Student insurance rates to rise 20%

The Graduate and Professional Student Council focused Monday night on reviewing student health insurance increases estimated for next year. Dr. William Purdy, assistant clinical professor and interim medical director for Student Health, spoke along with Dan Hill, founder of Hill, Chesson and Woody—the insurance firm that brokers insurance for Duke—about current and future insurance costs for graduate students.

Insurance rates have risen on average 14 percent annually due to inflations in the health sector. Blue Cross/Blue Shield of North Carolina, the provider of Duke’s student health insurance, hiked costs 21.9 percent last year to $1,310 per student. Purdy said he expected the costs to increase another 20 percent this fall, raising concerns among cash-strapped graduate students.

“What determines premiums next year are the number of claims and dollar amounts this year,” Hill said. “Emergency room visits make up the most expensive of these claims.”

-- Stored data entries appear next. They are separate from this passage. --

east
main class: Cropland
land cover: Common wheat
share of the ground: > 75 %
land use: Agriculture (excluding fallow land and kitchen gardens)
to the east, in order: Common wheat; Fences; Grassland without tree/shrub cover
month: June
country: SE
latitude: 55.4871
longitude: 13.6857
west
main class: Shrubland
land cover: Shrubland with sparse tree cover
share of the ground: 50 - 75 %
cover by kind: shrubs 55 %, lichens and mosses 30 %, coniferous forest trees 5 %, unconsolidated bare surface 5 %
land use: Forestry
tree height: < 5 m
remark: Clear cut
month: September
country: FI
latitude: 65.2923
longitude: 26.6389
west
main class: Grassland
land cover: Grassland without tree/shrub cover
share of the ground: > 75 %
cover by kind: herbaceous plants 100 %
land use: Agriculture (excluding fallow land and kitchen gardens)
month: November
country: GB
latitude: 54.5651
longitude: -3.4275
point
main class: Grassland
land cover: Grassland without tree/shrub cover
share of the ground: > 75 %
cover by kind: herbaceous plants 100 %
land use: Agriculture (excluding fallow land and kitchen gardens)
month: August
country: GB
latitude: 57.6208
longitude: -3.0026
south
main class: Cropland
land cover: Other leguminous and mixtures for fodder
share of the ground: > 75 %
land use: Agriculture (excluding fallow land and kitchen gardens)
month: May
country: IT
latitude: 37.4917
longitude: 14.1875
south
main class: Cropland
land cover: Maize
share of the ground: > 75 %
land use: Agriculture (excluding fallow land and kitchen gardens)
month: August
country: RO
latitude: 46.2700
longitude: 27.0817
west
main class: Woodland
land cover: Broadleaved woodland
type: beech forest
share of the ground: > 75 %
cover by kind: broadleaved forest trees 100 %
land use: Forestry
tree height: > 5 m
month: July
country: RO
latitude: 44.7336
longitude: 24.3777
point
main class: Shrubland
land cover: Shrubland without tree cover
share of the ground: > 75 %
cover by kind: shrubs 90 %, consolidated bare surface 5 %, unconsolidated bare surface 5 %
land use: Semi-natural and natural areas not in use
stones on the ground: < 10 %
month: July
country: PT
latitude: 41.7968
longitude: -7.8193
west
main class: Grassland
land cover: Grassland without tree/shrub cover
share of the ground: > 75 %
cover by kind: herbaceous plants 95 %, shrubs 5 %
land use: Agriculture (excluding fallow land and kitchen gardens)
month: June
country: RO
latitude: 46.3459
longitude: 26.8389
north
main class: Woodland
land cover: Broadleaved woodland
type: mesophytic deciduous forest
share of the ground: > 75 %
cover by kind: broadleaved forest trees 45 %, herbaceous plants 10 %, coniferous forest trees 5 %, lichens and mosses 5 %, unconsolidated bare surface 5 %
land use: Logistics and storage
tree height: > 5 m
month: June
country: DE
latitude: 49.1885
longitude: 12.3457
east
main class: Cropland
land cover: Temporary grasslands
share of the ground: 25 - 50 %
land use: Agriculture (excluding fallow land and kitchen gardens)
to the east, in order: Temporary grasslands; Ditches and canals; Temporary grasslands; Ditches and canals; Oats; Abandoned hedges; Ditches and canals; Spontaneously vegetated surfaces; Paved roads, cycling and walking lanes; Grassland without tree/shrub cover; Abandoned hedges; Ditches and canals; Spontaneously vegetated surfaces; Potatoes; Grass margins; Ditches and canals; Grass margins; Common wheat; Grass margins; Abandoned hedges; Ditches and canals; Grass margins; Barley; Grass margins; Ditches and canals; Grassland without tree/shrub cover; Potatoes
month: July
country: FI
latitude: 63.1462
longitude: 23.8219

Hill said 79 percent of graduate students are insured under Duke’s plan and 77 percent of those students made some sort of health insurance claim over the past year. The claims amounted to more than $13 million for the 2003 to 2004 school year.

Hill said while some individuals may never set foot in the Student Health Center, some people visit emergency rooms numerous times each year. “You need to encourage the people that have got these medical conditions to take better care of themselves,” he said.

Megan Burns, GPSC attorney general and second-year public policy student, said the group would help educate students. “GPSC must continue to raise awareness of student health so that, overtime, these insurance rate increases will slow down,” she said.

Also discussed at the meeting was Duke University Union’s recent increase in programming fees for graduate and professional students. GPSC President Heather Dean, a fifth-year graduate student in neurobiology, said this increase will take effect in the 2006-2007 school year.

Senior Kevin Parker, president of the Union, said steadily increasing prices in the entertainment industry necessitated a raise in graduate student contributions. He added that well-known speakers may now cost more than $22,000 to bring to campus, more than double the average costs of the early 1990s.

The annual fee for graduate and professional students stands currently at $10.50 per person while the undergraduate fee is set at $80.00 per person. The fee increase for graduate and professional students will be $9.50, bringing the annual payment for each student to $20.00.

Parker said the increase would help pay for added programming and increased advertising to encourage graduate students to attend more events that may appear to solely attract undergraduates.

“We have tried to increase our visibility to graduate students a lot more this year than in the past,” Parker said. “We want to know what sort of programming applies to graduate and professional students.”

Parker also compared Duke’s fees to similar ones at competing universities. For example, graduate students at Harvard University pay $50 for programming, and fees at similar schools average approximately $46.

The Union hosts campus events such as the recent Ben Folds concert and weekly movies in Griffith Film Theater. It runs on a nearly $1 million budget supplied by student fees and event revenue. While a majority of the Union’s events are attended largely by undergraduate students, all Union events are open to graduate and professional students as well. GPSC has no power to prevent Union fee increases.